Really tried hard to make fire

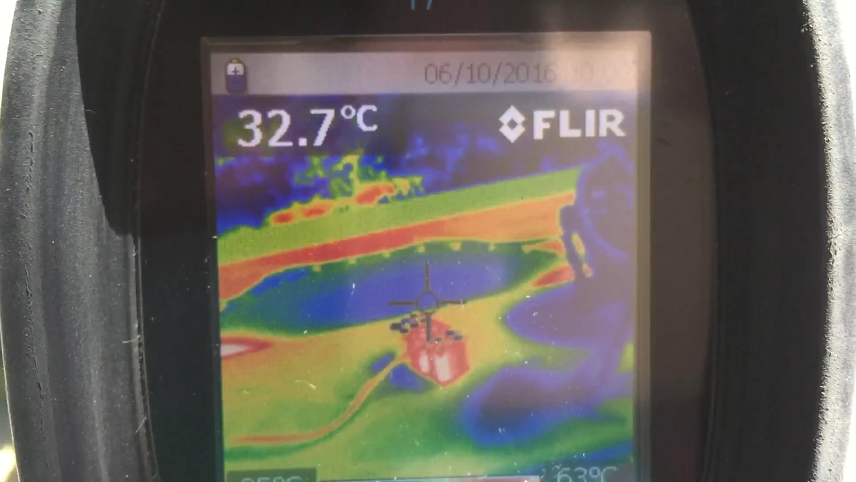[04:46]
On screen: spot 32.7°C
we go starting to warm up see if I can get the crosshairs on that 50 degrees
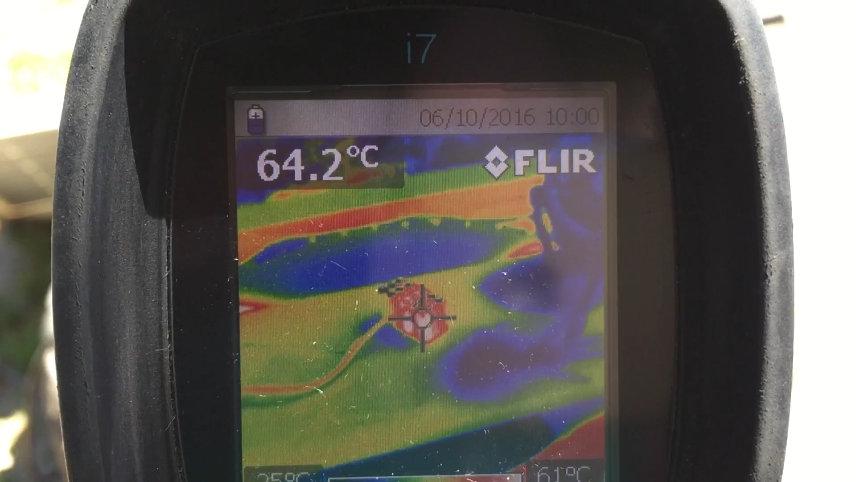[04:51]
On screen: spot 64.2°C
the battery's starting to warm up after two hours it's a bit hard with all the sun out here she's pretty warm
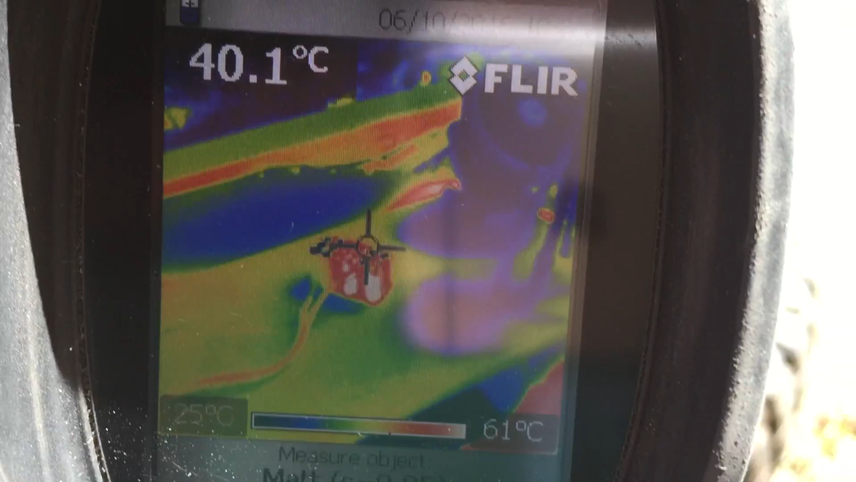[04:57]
On screen: spot 40.1°C, scale top 61°C, scale bottom 25°C
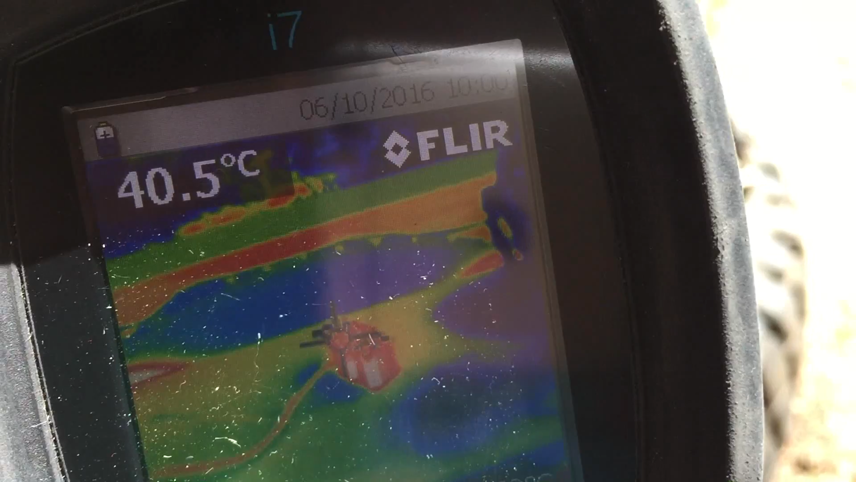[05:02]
On screen: spot 40.5°C
she's starting to warm up nicely certainly a lot quicker than I thought she would have warmed up
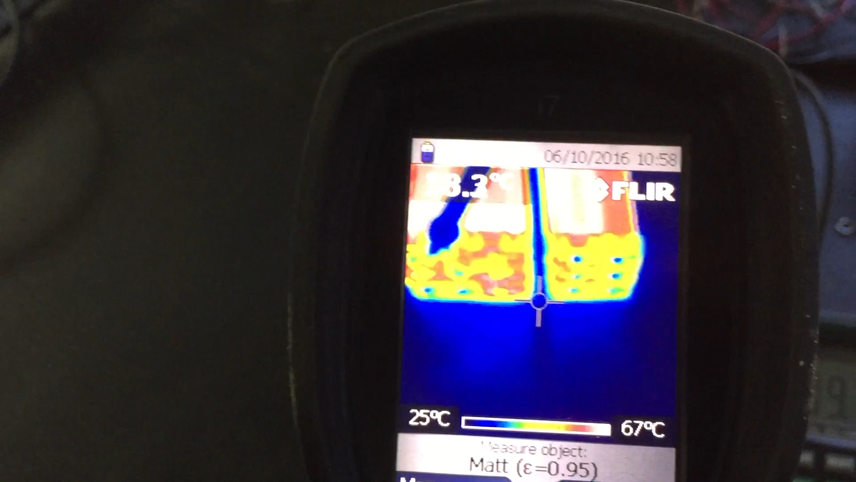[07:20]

*****

• _Prompt_: Everything in the records above except the pictures is to be reproduced word for word.

• _Reply_:
Really tried hard to make fire

[04:46]
On screen: spot 32.7°C
we go starting to warm up see if I can get the crosshairs on that 50 degrees
[04:51]
On screen: spot 64.2°C
the battery's starting to warm up after two hours it's a bit hard with all the sun out here she's pretty warm
[04:57]
On screen: spot 40.1°C, scale top 61°C, scale bottom 25°C
[05:02]
On screen: spot 40.5°C
she's starting to warm up nicely certainly a lot quicker than I thought she would have warmed up
[07:20]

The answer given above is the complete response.